И все же дышать стало легче. Появилось чувство удовлетворенной справедливости и надежды (не скажу — убеждения) на некоторое оздоровление политической жизни в стране. Мы не ведали о борьбе, разразившейся в Политбюро. Летом 1953 года мы, однако, о ней узнали, как всегда, внезапно, когда в один прекрасный день прочли в газетах правительственное сообщение об аресте Берии и предании его суду. Как мы знаем теперь из многих воспоминаний, Берия подготавливал государственный переворот с целью установить свое единоличное господство наподобие сталинского. Но время было уже не то: народ уже глотнул хотя бы и ограниченной, но свободы. Остальные же члены Политбюро, забыв свои обычные распри, объединились против этого монстра. Думаю, не столько из каких-то высоких побуждений, сколько из страха, что, став диктатором, Берия с ними расправится. Наиболее активную роль в превентивной ликвидации угрозы переворота сыграл Н.С.Хрущев, сразу выдвинувшийся на первое место в партии (не только формально, но и по существу). Берию вскоре судили. Обвинения, предъявленные ему: шпионаж, связи с иностранными разведками, давнишнее участие в муссаватистской партии, — воспринимались как дань прошлым традициям. Но звучали и другие, новые мотивы: ему инкриминировались необоснованные репрессии по отношению

к честным партийцам и беспартийным, сфабрикованные дела, жестокости содержания заключенных в тюрьмах и лагерях, а также невероятное бытовое разложение, в частности в отношении женщин. Последовавший процесс был, по обыкновению, скорым и закрытым, подобным тем, с помощью которых сам Берия ранее расправлялся со своими жертвами. Его приговорили к расстрелу. Однако новым стало то, что его жену и детей не тронули, а только отправили на первое время в Свердловск, обеспечив работой и квартирой. Так исчез с политической арены этот монстр-вурдалак столь интеллигентного вида, что было хорошо уже само по себе. Растаял, исчез, как страшный призрак, новоявленный претендент в диктаторы, наверное, не уступавший в своих пороках Сталину. Проходя теперь мимо его мрачного одноэтажного особняка с зашторенными окнами на углу Садовой-Кудринской и Малой Никитской, я каждый раз испытывала ощущение радости от того, что там не стоит больше охрана, что нет опасности встретить его самого (он имел обыкновение в сопровождении охранника прогуливаться вокруг дома), что нет угрозы ему приглянуться, которая сломала жизнь стольким молодым, красивым женщинам. Впрочем, когда раньше я ходила мимо этого дома, то еще не знала о всех его художествах.

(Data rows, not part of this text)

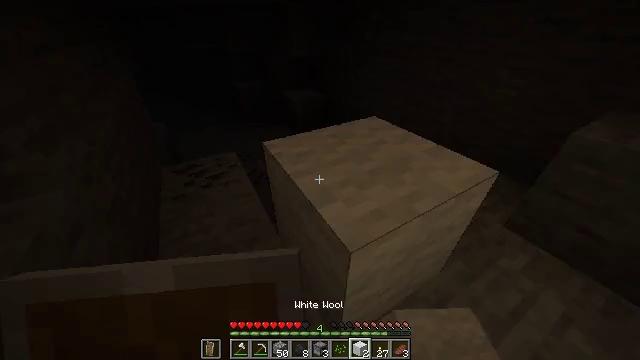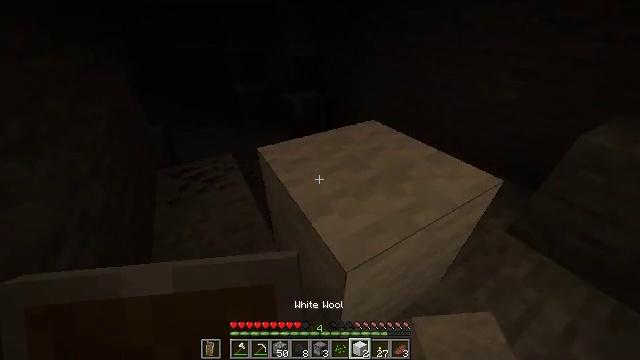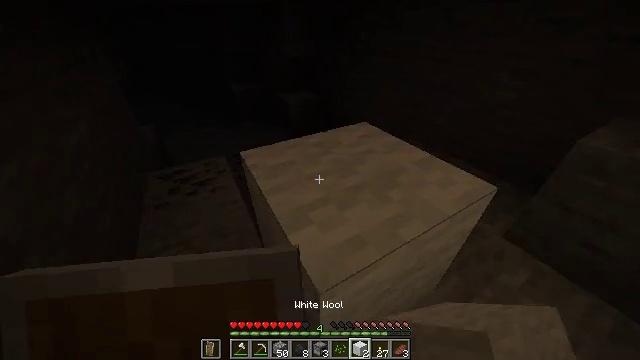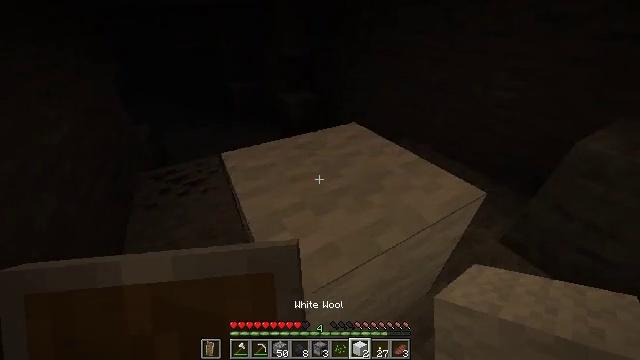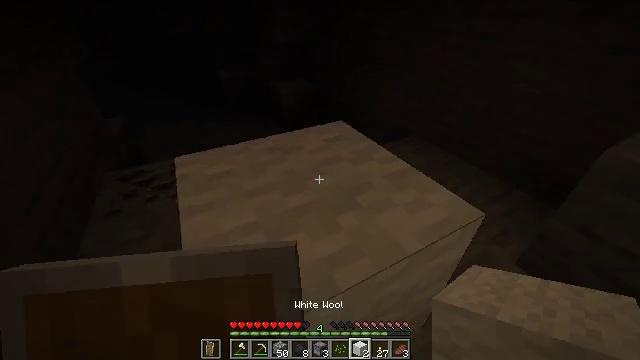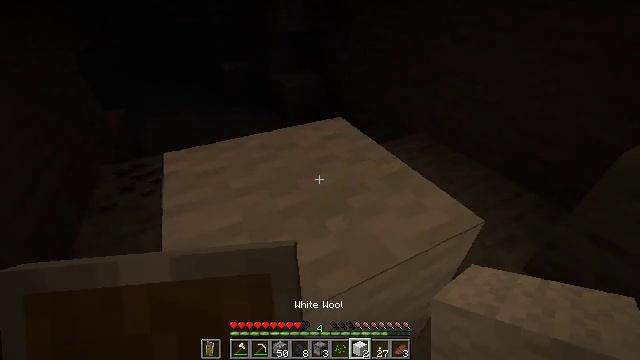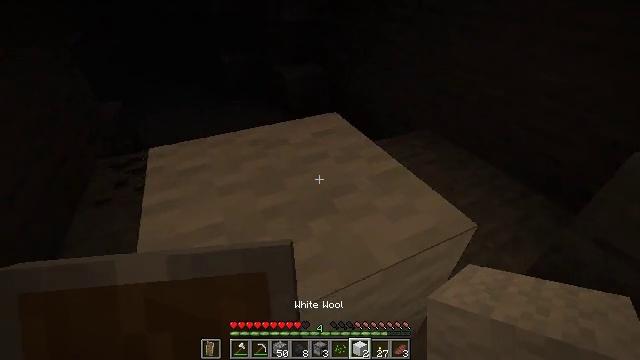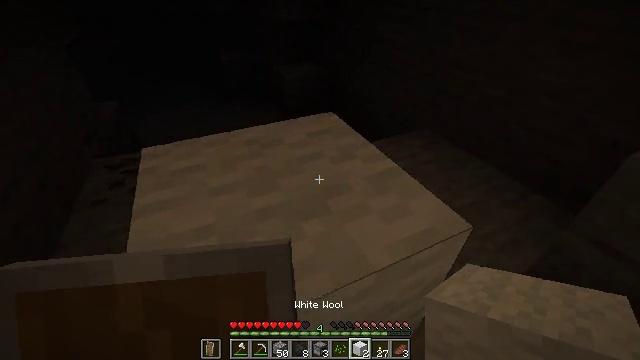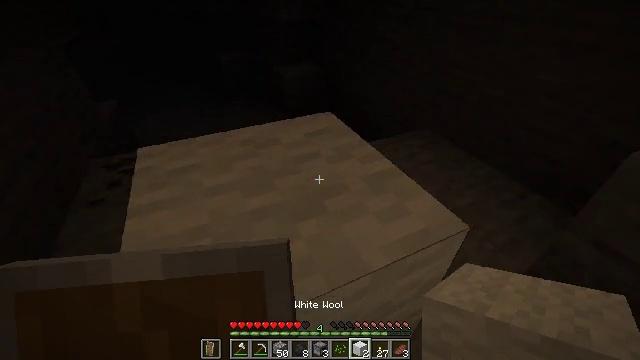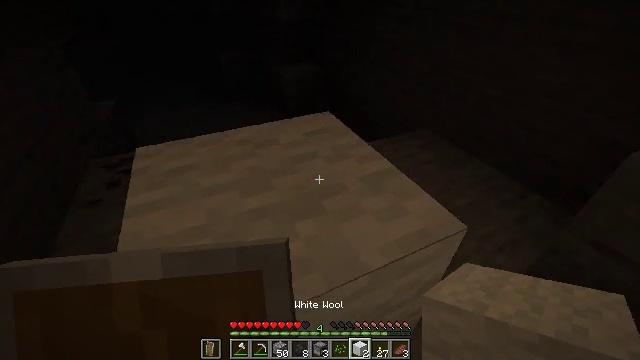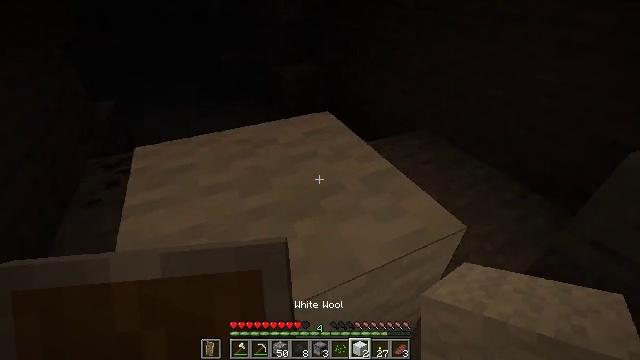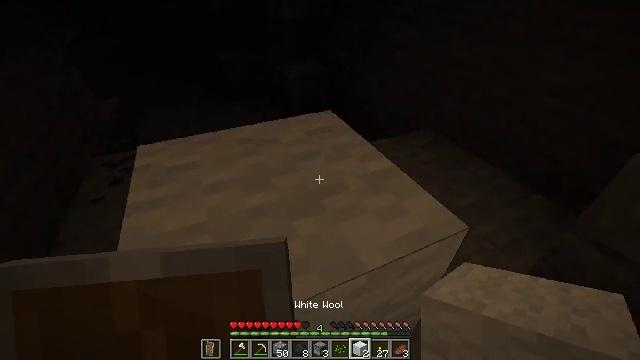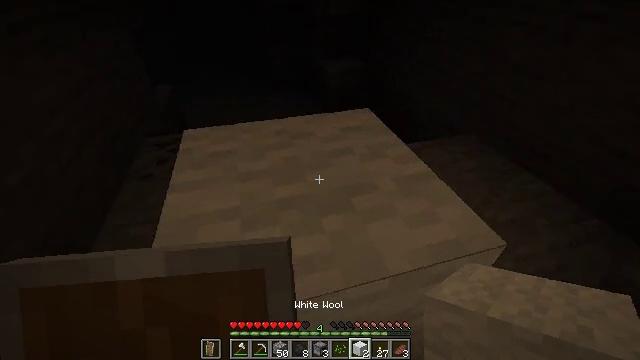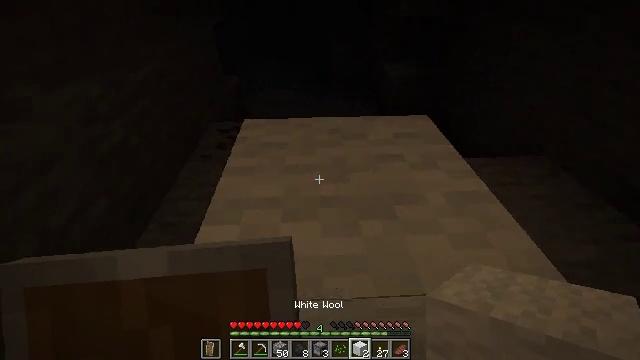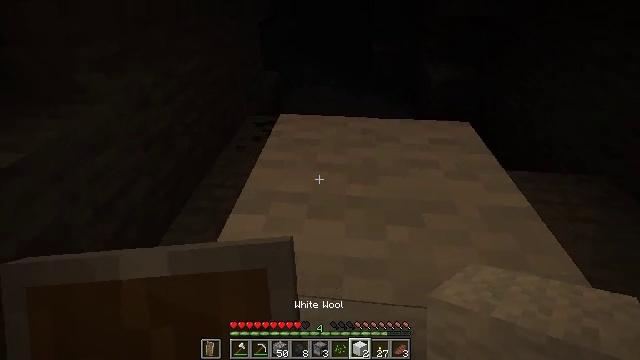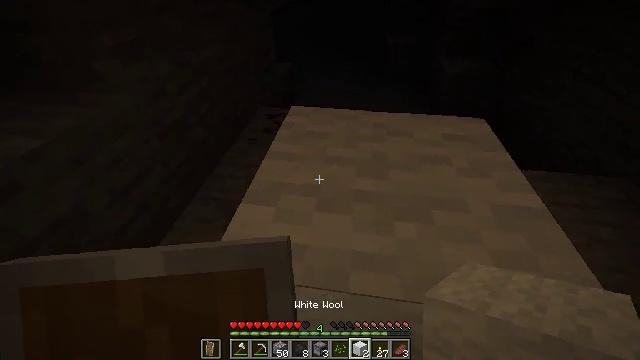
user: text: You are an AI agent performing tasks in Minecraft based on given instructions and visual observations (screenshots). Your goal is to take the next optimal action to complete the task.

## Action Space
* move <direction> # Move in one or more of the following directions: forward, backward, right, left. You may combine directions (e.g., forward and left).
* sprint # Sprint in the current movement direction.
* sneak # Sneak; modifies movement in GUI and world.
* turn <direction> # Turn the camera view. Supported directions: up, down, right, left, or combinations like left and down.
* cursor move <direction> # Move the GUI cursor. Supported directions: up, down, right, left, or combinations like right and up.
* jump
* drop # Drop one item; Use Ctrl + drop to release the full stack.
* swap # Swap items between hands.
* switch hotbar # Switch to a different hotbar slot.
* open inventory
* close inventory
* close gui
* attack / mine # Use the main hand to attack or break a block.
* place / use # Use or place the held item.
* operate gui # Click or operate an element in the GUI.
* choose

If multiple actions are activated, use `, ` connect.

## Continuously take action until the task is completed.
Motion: motion action
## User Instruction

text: Break the white wool for crafting.
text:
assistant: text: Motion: move forward, sprint
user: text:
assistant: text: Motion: move forward, sprint
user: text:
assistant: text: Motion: move forward, sprint
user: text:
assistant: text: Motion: move forward, sprint, turn left
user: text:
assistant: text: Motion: turn left
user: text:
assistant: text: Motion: turn left and down
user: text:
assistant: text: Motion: no_op
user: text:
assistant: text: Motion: no_op
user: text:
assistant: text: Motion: no_op
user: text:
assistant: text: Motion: no_op
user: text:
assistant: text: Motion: no_op
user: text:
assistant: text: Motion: turn left
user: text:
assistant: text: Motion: turn left
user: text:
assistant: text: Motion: turn left
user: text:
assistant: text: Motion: turn left and down
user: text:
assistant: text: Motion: no_op
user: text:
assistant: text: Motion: attack / mine
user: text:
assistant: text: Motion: attack / mine
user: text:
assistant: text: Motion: attack / mine
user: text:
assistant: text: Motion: attack / mine
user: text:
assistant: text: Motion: attack / mine
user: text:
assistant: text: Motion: attack / mine
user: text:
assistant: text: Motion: attack / mine
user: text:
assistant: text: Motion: attack / mine
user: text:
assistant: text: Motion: attack / mine
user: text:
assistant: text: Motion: attack / mine
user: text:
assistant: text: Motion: attack / mine
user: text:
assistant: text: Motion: attack / mine
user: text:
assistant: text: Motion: turn right, attack / mine
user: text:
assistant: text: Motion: turn right, attack / mine

Много позднее, в конце пятидесятых — начале шестидесятых годов, отдыхая с Эльбрусом в санатории Госплана в Химках, я узнала, что раньше там был «охотничий домик» Берии. Об этом доме в округе шла дурная слава. Говорили, что, приезжая сюда в сопровождении своих друзей и прихлебателей, Берия устраивал там настоящие оргии, привозил с собой целый гарем женщин, распределявшийся среди этой оравы гостей. Если не всем доставалось, то охранники ловили девушек в окрестных деревнях, где родители в эти дни прятали их в погребах и на сеновалах. И этот мерзавец в течение пятнадцати лет распоряжался судьбами миллионов!

Процесс над Берией еще больше убедил в том, что время сталинских репрессий уходит в прошлое. Сам факт признания их необоснованности, хотя имя Сталина при этом обходилось молчанием, давал повод к началу пересмотра многих дел. Исподволь, не особенно это афишируя, правительство начало кампанию реабилитации осужденных НКВД в период правления там Берии. Репрессии же 1937–1938 годов все еще оставались неприкосновенными. Все это разворачивалось медленно, со скрипом, при несомненном сопротивлении ретроградов, но все же хоть немного освобождало сердца и души от сковывавшего их тридцатилетнего страха, вселяло в них пусть самые скромные, но надежды. Так началась слабая, робкая и еще далеко не гарантированная «оттепель».

В таких условиях в марте 1956 года, через три года после смерти Сталина, собрался XX съезд партии, едва ли не самый важный за предшествующие тридцать лет. Съезд в целом имел тенденцию пересмотреть многие аспекты сталинской политики в аграрной сфере, улучшить положение крестьянства, доведенного до крайней нужды, подчеркнул необходимость более благоприятной для всего народа социальной политики, особенно в жилищном строительстве. Были отменены обязательные и беспрецедентные государственные займы, разорявшие народ. Глухому осуждению подверглись и беззакония прежних лет, подчеркивалась незыблемость коллегиального управления страной. Все это вселяло надежды на некоторое изменение политики. Сквозь строки официального доклада Н.С.Хрущева прочитывалось стремление отойти от политики Сталина по многим вопросам. Но это оказалось только начало.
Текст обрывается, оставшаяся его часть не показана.